Primeiro ele veio com a “Mangaba Madura” em 2001, mais de uma década
depois de ter iniciado sua carreira como artista. O título do registro foi uma
brincadeira com as qualidades deste fruto bastante regional, que quando maduro
tem qualidades medicinais e quando verde é tóxico.
Em 2006, depois de um hiato de cinco anos, ele deu vida à “Aquarela pra
Pandeiro” (para quem não sabe, aquarela é uma técnica de pintura na qual se
dilui várias tintas na água). Após um longo intervalo de sete anos, agora em
2014, ele publicou o seu mais novo trabalho: “José”. Sua capa traz um registro
fotográfico antigo dele mesmo e alguns familiares, composto marcadamente pelas
cores primárias azul, vermelho e amarelo.
A mudança de cores, se não for a mais importante ferramenta do camaleão,
é sem dúvida a que mais o caracteriza. José Lucivaldo Carvalho Silveira,
Nininho Silveira, Nino Karva e finalmente, Nino Karvan. Vários nomes, várias caras,
expressadas explicitamente em seus trabalhos artísticos. Todos eles representando
a diversidade de cores como o seu protagonista.

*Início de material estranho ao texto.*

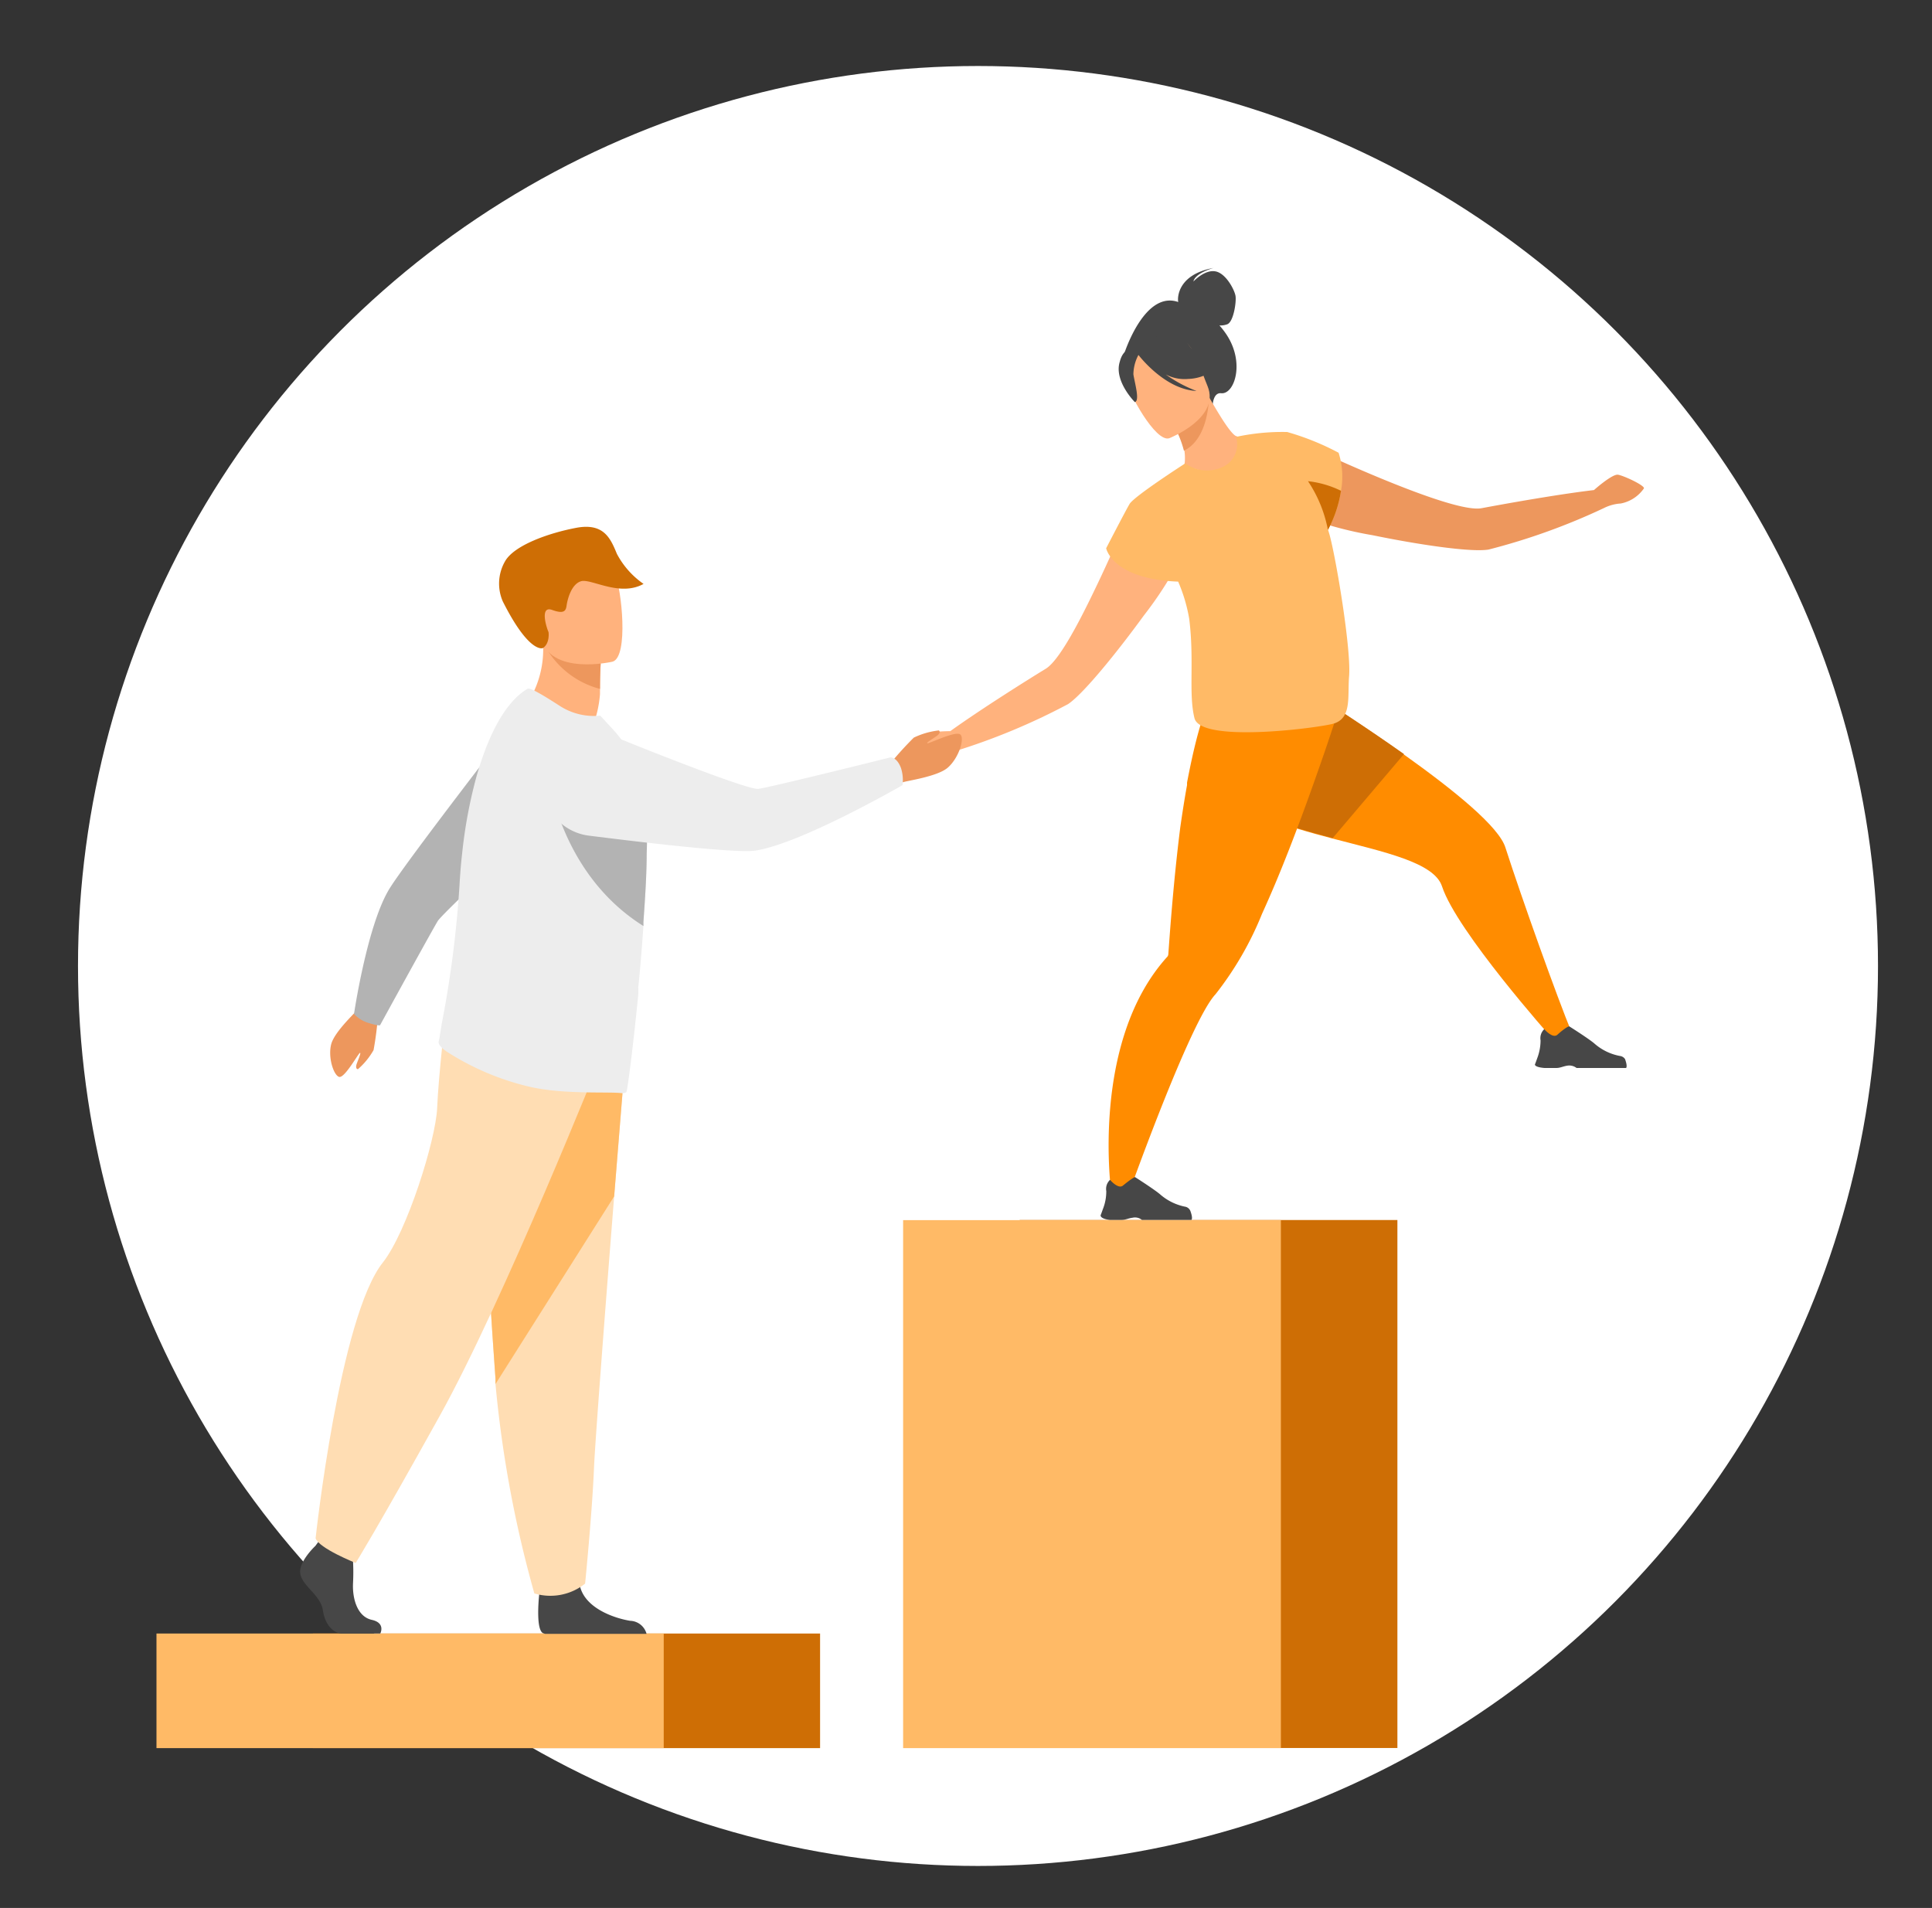 <?xml version="1.0" encoding="UTF-8"?> <svg xmlns="http://www.w3.org/2000/svg" id="Блок_2_-_Проблемы" data-name="Блок 2 - Проблемы" viewBox="0 0 161 159"><rect x="0" y="0" width="161" height="159" fill="#333333" stroke="none"/> <defs> <style>.cls-1{fill:#fff;}.cls-2{fill:#ce6e05;}.cls-3{fill:#ffba66;}.cls-4{fill:#ed975d;}.cls-5{fill:#ff8c00;}.cls-6{fill:#474747;}.cls-7{fill:#ffb27d;}.cls-8{fill:#ffddb3;}.cls-9{fill:#b3b3b3;}.cls-10{fill:#ededed;}</style> </defs> <circle class="cls-1" cx="81.5" cy="80.5" r="75"></circle> <rect class="cls-2" x="26.07" y="136.13" width="42.27" height="9.55"></rect> <rect class="cls-3" x="13.04" y="136.13" width="42.27" height="9.55"></rect> <rect class="cls-2" x="84.97" y="101.67" width="31.48" height="44"></rect> <rect class="cls-3" x="75.27" y="101.67" width="31.48" height="44" transform="translate(182.01 247.35) rotate(180)"></rect> <path class="cls-4" d="M134.83,39.56c-.49-.07-2,1.28-2,1.28h0c-3.14.37-7.71,1.2-9.36,1.51-1.17.23-4.31-.84-7.38-2.07-3.65-1.46-7.2-3.15-7.2-3.15-2-.11-4.32,3.59-.21,5.94a30.88,30.88,0,0,0,5.69,1.53h0c3.74.77,8.16,1.44,9.67,1.2a53.51,53.51,0,0,0,9.64-3.47h0l0,0a3.61,3.61,0,0,1,1.38-.37A3.05,3.05,0,0,0,137,40.69C137,40.42,135.31,39.64,134.83,39.56Z"></path> <path class="cls-5" d="M131,86.11l-1.72.35s-7.89-8.86-9.11-12.59c-.65-2-4.81-2.86-9.16-4-3.79-1-7.72-2.16-9.6-4.47-4-4.94,2.53-11,2.53-11s7,4.15,13,8.44c4.21,3,8,6.06,8.52,7.82C126.84,74.94,129.75,83.08,131,86.11Z"></path> <path class="cls-6" d="M128.7,89h1c.32,0,.56-.14.9-.19a1,1,0,0,1,.78.19h4.13c.1-.14,0-.49-.09-.74A.59.59,0,0,0,135,88a4.45,4.45,0,0,1-2.09-1c-.44-.4-2.14-1.47-2.14-1.47h0s-.21,0-1,.71c-.4.33-1.08-.48-1.08-.48a1.2,1.2,0,0,0-.22.3,1.05,1.05,0,0,0-.09.64,4.23,4.23,0,0,1-.29,1.52c-.1.29-.18.49-.18.49S127.86,88.93,128.7,89Z"></path> <path class="cls-2" d="M117,62.84l-5.94,7c-3.79-1-7.72-2.16-9.6-4.47-4-4.94,2.53-11,2.53-11S110.93,58.55,117,62.84Z"></path> <path class="cls-5" d="M111.55,59.15s-.48,1.52-1.26,3.79c-1,2.88-2.46,7-4.05,10.77-.35.83-.71,1.65-1.07,2.44a27.3,27.3,0,0,1-3.88,6.71c-2.15,2.28-7.37,17-7.37,17l-1.3-.36s-1.81-12.57,4.61-19.72a.38.38,0,0,0,.13-.26h0c.08-1.05.39-5.79,1-10.6.17-1.17.35-2.35.56-3.49,0-.07,0-.14,0-.21,1-5.24,1.91-7.56,3.12-8.73L111,59Z"></path> <path class="cls-6" d="M92.48,101.66h1c.32,0,.56-.14.9-.18a.92.92,0,0,1,.78.18h4.13c.1-.14,0-.49-.09-.74a.59.59,0,0,0-.39-.35,4.51,4.51,0,0,1-2.09-1c-.44-.4-2.14-1.48-2.14-1.48h0s-.21.06-1,.71c-.4.33-1.08-.48-1.08-.48a1.2,1.2,0,0,0-.22.3,1.05,1.05,0,0,0-.09.64,4,4,0,0,1-.29,1.52c-.1.29-.18.49-.18.49S91.64,101.56,92.48,101.66Z"></path> <path class="cls-7" d="M94.38,42.07s-1.48,3.63-3.2,7.17c-1.44,3-3,5.88-4.05,6.5-1.44.88-5.38,3.35-7.94,5.19,0,0-2,0-2.31.36s-1,2.1-.81,2.28a3.13,3.13,0,0,0,2.18-.3,3.31,3.31,0,0,1,1.27-.65l0,0h0A54,54,0,0,0,89,58.68c1.27-.84,4.08-4.31,6.33-7.4h0a30.74,30.74,0,0,0,3.18-5C100,41.81,95.81,40.63,94.38,42.07Z"></path> <path class="cls-6" d="M102.16,27.81a6.92,6.92,0,0,0-.54-.69,1.63,1.63,0,0,0,.66-.1c.52-.21.76-1.87.68-2.36s-.8-1.91-1.7-2.05-1.81.85-1.81.85c.16-.72,1.67-1.13,1.67-1.13-3.11.57-3,2.65-2.93,2.84-2.85-1-4.52,4.35-4.52,4.35l7.38,4.35s0-1.18.72-1.1C102.87,32.88,103.79,30.19,102.16,27.81Z"></path> <path class="cls-7" d="M102.63,39.07c-1.7.8-3.95-.35-3.93-.36s.09-.58,0-1.15a8.68,8.68,0,0,0-1-2.37c-.12-.21-.24-.41-.39-.63l.19-.07,3.3-1.32s.53.95,1.09,1.82,1,1.38,1.18,1.36C103,36.34,105.19,37.84,102.63,39.07Z"></path> <path class="cls-4" d="M100.73,33.49c-.09,1.18-.49,3.3-2.07,4.07a8.68,8.68,0,0,0-1-2.37Z"></path> <path class="cls-7" d="M97.44,36.52s4.28-1.68,3.19-4.34-1.28-4.65-4.06-3.69-2.89,2.2-2.74,3.17S96.29,36.9,97.44,36.52Z"></path> <path class="cls-6" d="M99,31.58a3.83,3.83,0,0,0,2.56-1.08,5.46,5.46,0,0,1-2.89-2.31,4.61,4.61,0,0,0-3.88.5,1.05,1.05,0,0,0-.2.47c-.38-.12-1-.09-1.28,1-.49,1.6,1.26,3.35,1.26,3.35.43-.12,0-1.55-.12-2.31a3.51,3.51,0,0,1,.42-1.62c.21.27,2.3,2.89,4.84,3a11,11,0,0,1-2.57-1.38A3.33,3.33,0,0,0,99,31.58Z"></path> <path class="cls-3" d="M110.79,44.54l-.12-.4a9.82,9.82,0,0,0,1.08-3.24,6.56,6.56,0,0,0-.2-3.17A21.75,21.75,0,0,0,107.26,36h-.07a18.24,18.24,0,0,0-4.19.41,2.07,2.07,0,0,1-1,2.45,3.07,3.07,0,0,1-3.23-.25l-.16.11h0S94.5,41.37,94.13,42s-1.95,3.69-1.95,3.69.5,2.57,6,2.78a13.5,13.5,0,0,1,.92,3.09c.44,3.5-.07,6.25.44,8.29s9.77.88,11.45.49,1.3-2.19,1.43-3.93C112.63,54.22,111.33,46.47,110.79,44.54Z"></path> <path class="cls-2" d="M111.75,40.9a10.11,10.11,0,0,1-1.09,3.26A11,11,0,0,0,109,40.1,8.28,8.28,0,0,1,111.75,40.9Z"></path> <path class="cls-4" d="M74.05,63.8a28.45,28.45,0,0,1,2.1-2.33,6.51,6.51,0,0,1,2.09-.6c.1.09.1.22-.1.4s-1,.62-.86.67,2.43-1.1,2.77-.71-.19,2-1.09,2.76-3.57,1.1-3.74,1.21C73.8,66.11,74.05,63.8,74.05,63.8Z"></path> <path class="cls-7" d="M43.68,59s2.48,2.94,5.64,1.71A9.54,9.54,0,0,0,50,57.84v-.43c0-1.37.06-2.13.06-2.13h0c-.14-.06-4.82-2-4.82-1.83A8.31,8.31,0,0,1,43.68,59Z"></path> <path class="cls-4" d="M45.72,54.33A7.32,7.32,0,0,0,50,57.41c0-1.37.06-2.13.06-2.13h0C49.94,55.24,45.59,54.09,45.72,54.33Z"></path> <path class="cls-7" d="M51.05,55.14s-5.26,1.23-6-2.06-1.88-5.34,1.45-6.27S50.78,47,51.28,48,52.41,54.73,51.05,55.14Z"></path> <path class="cls-2" d="M45.25,54c-.07.05-1.2.39-3.35-3.88a3.72,3.72,0,0,1,.22-3.4c.79-1.29,3.57-2.29,5.88-2.73s2.87.86,3.41,2.17a7.05,7.05,0,0,0,2.22,2.5c-2,1.11-4.39-.48-5.22-.22s-1.13,1.58-1.19,2-.16.77-1.21.39-.47,1.48-.3,1.84C45.71,52.65,45.85,53.6,45.25,54Z"></path> <path class="cls-6" d="M31.69,136.13H28.5c-.66,0-1.41-.68-1.59-1.92s-1.56-1.92-1.86-2.94,1.23-2.44,1.23-2.44l.25-.34.27-.34,2.52.6s.06.61.1,1.39a17.4,17.4,0,0,1,0,1.77c-.07,1.36.38,2.82,1.56,3.08S31.69,136.13,31.69,136.13Z"></path> <path class="cls-6" d="M53.88,136.16H45.43l-.18-.06c-.56-.29-.39-2.51-.32-3.2a1.35,1.35,0,0,0,0-.2s3-2.45,3.38-.57l.05.17h0c.51,1.75,2.82,2.55,4.15,2.77A1.46,1.46,0,0,1,53.88,136.16Z"></path> <path class="cls-8" d="M52.18,87.3s-.45,5.63-1,12.4c-.73,9.19-1.59,20.48-1.68,22.62-.15,3.71-.74,9.65-.74,9.65a4.64,4.64,0,0,1-4.23.82,97,97,0,0,1-3.24-17.45l0-.45c-.67-9.13-1.71-28.37-1.71-28.37Z"></path> <path class="cls-3" d="M52.18,87.3s-.45,5.63-1,12.4l-9.89,15.64,0-.45c-.67-9.13-1.71-28.37-1.71-28.37Z"></path> <path class="cls-8" d="M50.12,88s-8.14,20.39-13.48,30-7,12.25-7,12.25-3.07-1.22-3.34-2.06c0,0,2-18.5,5.62-23,2-2.55,4.4-10.2,4.51-12.87s.73-8,.73-8Z"></path> <path class="cls-4" d="M31.5,84.57a26.33,26.33,0,0,1-.37,2.94,6.07,6.07,0,0,1-1.3,1.59c-.12,0-.19-.12-.13-.36s.42-1,.3-1-1.29,2.16-1.75,2-.93-1.64-.65-2.72,2.17-2.77,2.24-2.95C30.45,82.65,31.5,84.57,31.5,84.57Z"></path> <path class="cls-9" d="M30.62,85.22c.9.29,1.05.22,1.05.22s4.38-8,4.82-8.7,9.31-8.95,9.31-8.95L43.52,59.3s-10.08,13-11.16,14.92c-1.8,3.1-2.86,10.28-2.86,10.28A2.73,2.73,0,0,0,30.62,85.22Z"></path> <path class="cls-10" d="M53.89,71.13c0,1.74-.13,3.7-.27,5.69,0,.12,0,.23,0,.35-.09,1.24-.18,2.47-.29,3.68-.05.48-.09,1-.14,1.43v.06a4.73,4.73,0,0,1,0,.54c-.45,4.51-.91,8.08-1,8.14a.51.51,0,0,1-.34.08c-1.19-.14-4.72.12-7.61-.51a22,22,0,0,1-6.77-2.8c-.3-.18-1-.64-.91-1s.15-.93.28-1.62a90.1,90.1,0,0,0,1.45-11.37c.05-.9.12-1.79.22-2.66a40.12,40.12,0,0,1,1.18-6.37c1-3.57,2.45-6.3,4.27-7.37.24-.13,1.53.68,2.71,1.44a5.25,5.25,0,0,0,3.35.8l1,1.08a10.94,10.94,0,0,1,2.8,5.84c0,.2.05.4.07.62A36.48,36.48,0,0,1,53.89,71.13Z"></path> <path class="cls-9" d="M53.89,71.13c0,1.74-.13,3.7-.27,5.69,0,.12,0,.23,0,.35-6.76-4.23-7.8-12-7.8-12a18.61,18.61,0,0,1,8,2A36.48,36.48,0,0,1,53.89,71.13Z"></path> <path class="cls-10" d="M75.08,64c-.35-.94-.89-.88-.89-.88s-10.06,2.51-11,2.62-10.82-3.88-10.82-3.88-3.91-1.75-5.74-.15a4.37,4.37,0,0,0-1.29,4.63,4.42,4.42,0,0,0,3.74,3.3c4.05.51,12.13,1.48,13.82,1.25,3.77-.53,12.31-5.46,12.31-5.46A3.26,3.26,0,0,0,75.08,64Z"></path> </svg>

Seja por meio da versatilidade
de estilos nos quais Nino desfila tranquilamente, seja através da naturalidade
com que cantarola os seus versos multiplurais.
As cores e Nino são parceiros desde sua estreia em um festival nos anos
80 quando tinha apenas 17 anos. Nessa ocasião, ganhou o primeiro lugar com a
composição “a cor linda que incomoda”, que tratava da opressão aos negros. Isso
durante o centenário de abolição da escravatura.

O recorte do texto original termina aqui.